بِسْمِ اللَّهِ الرَّحْمَنِ الرَّحِيمِ 

#MuslimahSholihah

HUKUM MENUTUP MUKA BAGI WANITA (CADAR)

Oleh: Syaikh Muhammad Nashiruddin Al-Albani

Pertanyaan:

Syaikh Muhammad Nashiruddin Al-Albani ditanya: “Bagaimana hukum wanita menutup muka (cadar) ?”

Jawaban:

Kami tidak mengetahui ada seorang pun dari sahabat yang mewajibkan hal itu. Tetapi lebih utama dan lebih mulia bagi wanita untuk menutup wajah. Adapun mewajibkan sesuatu harus berdasarkan hukum yang jelas dalam syariat. Tidak boleh mewajibkan sesuatu yang tidak diwajibkan Allah.

Oleh karena itu saya telah membuat satu pasal khusus dalam kitab ‘Hijabul Mar’aatul Muslimah’, untuk membantah orang yang menganggap bahwa menutup wajah wanita adalah bid’ah. Saya telah jelaskan bahwa hal ini (menutup wajah) adalah lebih utama bagi wanita.

Hadis Ibnu Abbas menjelaskan bahwa wajah dan kedua telapak tangan bukan termasuk aurat, sebagaimana diriwayatkan oleh Ibnu Abi Syaibah dalam ‘Al-Mushannaf’.

Pendapat kami adalah bahwa hal ini bukanlah hal yang baru. Para ulama dari kalangan ‘As Salafus Shalih’ dan para ahli tafsir seperti Ibnu Jarir Ath-Thabari dan lain-lain mengatakan bahwa wajah bukan termasuk aurat tetapi menutupnya lebih utama.

Sebagian dari mereka berdalil tentang wajibnya menutup wajah bagi wanita dengan kaidah.

“Artinya: Mencegah kerusakan didahulukan daripada mengambil kemanfaatan”

Tanggapan saya:

Memang kaidah ini bukan bid’ah tapi sesuatu yang berdasarkan syariat. Sedangkan orang yang pertama menerima syariat adalah Rasulullah ﷺ. Kemudian orang-orang yang menerima syariat ini dari beliau ﷺ adalah para sahabat. Para Sahabat tentu sudah memahami kaidah ini, walaupun mereka belum menyusunnya dengan tingkatan ilmu Ushul Fiqih seperti di atas.
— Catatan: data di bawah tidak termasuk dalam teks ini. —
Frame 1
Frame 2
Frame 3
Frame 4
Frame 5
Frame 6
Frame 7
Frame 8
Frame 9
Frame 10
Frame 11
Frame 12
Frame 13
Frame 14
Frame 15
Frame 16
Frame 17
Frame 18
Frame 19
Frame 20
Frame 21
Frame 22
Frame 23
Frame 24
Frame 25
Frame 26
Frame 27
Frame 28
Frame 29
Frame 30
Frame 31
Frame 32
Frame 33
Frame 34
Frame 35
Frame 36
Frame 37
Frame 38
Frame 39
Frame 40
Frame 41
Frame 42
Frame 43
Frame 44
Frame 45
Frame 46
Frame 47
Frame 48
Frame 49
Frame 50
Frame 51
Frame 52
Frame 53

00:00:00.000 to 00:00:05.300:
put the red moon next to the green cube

Telah kami sebutkan dalam kitab ‘Hijaab Al-Mar’aatul Muslimah’ kisah seorang wanita ‘Khats’amiyyah’ yang dipandangi oleh Fadhl bin ‘Abbas ketika Fadhl sedang dibonceng oleh Nabi ﷺ, dan wanita itu pun melihat Fadhl. Ia adalah seorang yang tampan dan wanita itu pun seorang yang cantik. Kecantikan wanita ini tidak mungkin bisa diketahui, jika wanita itu menutup wajahnya dan Rasulullah ﷺ ketika itu memalingkan wajah Fadhl ke arah lain. Yang demikian ini menunjukkan, bahwa wanita tadi membuka wajahnya.

Sebagian mereka mengatakan, bahwa wanita tadi dalam keadaan berihram, sehingga boleh baginya membuka wajah. Padahal tidak ada tanda-tanda sedikit pun bahwa wanita tadi sedang berihram. Dan saya telah mentarjih (menguatkan) dalam kitab tersebut, bahwa wanita itu berada dalam kondisi setelah melempar jumrah, yaitu setelah ‘Tahallul’ awal.
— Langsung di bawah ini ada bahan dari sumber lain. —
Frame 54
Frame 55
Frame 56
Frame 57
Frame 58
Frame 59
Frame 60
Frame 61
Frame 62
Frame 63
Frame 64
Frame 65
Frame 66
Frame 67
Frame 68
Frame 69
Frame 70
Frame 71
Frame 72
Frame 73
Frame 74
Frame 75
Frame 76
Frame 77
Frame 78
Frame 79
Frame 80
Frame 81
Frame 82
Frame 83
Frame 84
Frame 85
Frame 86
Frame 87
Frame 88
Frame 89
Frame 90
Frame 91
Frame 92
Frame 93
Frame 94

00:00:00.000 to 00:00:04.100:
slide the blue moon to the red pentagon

Dan seandainya benar wanita tadi memang benar sedang berihram, mengapa Rasulullah ﷺ tidak menerapkan kaidah di atas, yaitu kaidah mencegah kerusakan?!

Kemudian kami katakan, bahwa pandangan seorang lelaki terhadap wajah wanita, tidak ada bedanya dengan pandangan seorang wanita terhadap wajah lelaki, dari segi syariat dan dari segi tabiat manusia. Oleh sebab itu Allah subhanahu wa ta’ala berfirman:
“Artinya: Katakanlah kepada orang laki-laki yang beriman: ‘Hendaknya mereka menahan pandangannya” [An-Nuur : 30]
Maksudnya dari (memandang) wanita.
Dan Allah subhanahu wa ta’ala berfirman:
“Artinya: Dan katakanlah kepada wanita yang beriman: ‘Hendaklah mereka menahan pandangannya” [An-Nuur : 31]
Maksudnya yaitu jangan memandangi seorang laki-laki.
 
Kedua ayat di atas mengandung hukum yang sama. Ayat pertama memerintahkan menundukkan pandangan dari wajah wanita, dan ayat kedua memerintahkan menundukkan pandangan dari wajah pria.
Sebagaimana kita tahu pada ayat kedua tidak memerintahkan seorang laki-laki untuk menutup. Demikian pula ayat pertama tidak memerintahkan seorang wanita untuk menutup wajah.
 
Kedua ayat di atas secara jelas mengatakan, bahwa di zaman Rasulullah ﷺ, ada sesuatu yang biasa terbuka dan bisa dilihat, yaitu wajah. Maka Allah, Sang Pembuat Syariat dan Yang Maha Bijaksana memerintahkan kepada kedua jenis menusia (laki-laki dan perempuan) untuk menundukkan pandangan masing-masing.
 
Adapun hadis:
“Artinya: Wanita adalah aurat”
Tidak berlaku secara mutlak. Karena sangat mungkin seseorang boleh menampakkan auratnya di dalam shalat.[1]
 
Yang berpendapat, bahwa wajah wanita itu aurat adalah Minoritas Ulama. Sedangkan yang berpendapat bahwa wajah bukan aurat adalah Mayoritas Ulama (Jumhur). Hadis di atas yang berbunyi:
“Artinya: Wanita adalah aurat, jika ia keluar maka setan memerindahnya”, tidak bisa diartikan secara mutlak, karena ada kaidah yang berbunyi:
“Dalil umum yang mengandung banyak cabang hukum, di mana cabang-cabang hukum itu tidak bisa diamalkan berdasarkan dalil umum tersebutt, maka kita tidak boleh berhujah dengan dalil umum tersebut, untuk menentukan cabang-cabang hukum tadi”.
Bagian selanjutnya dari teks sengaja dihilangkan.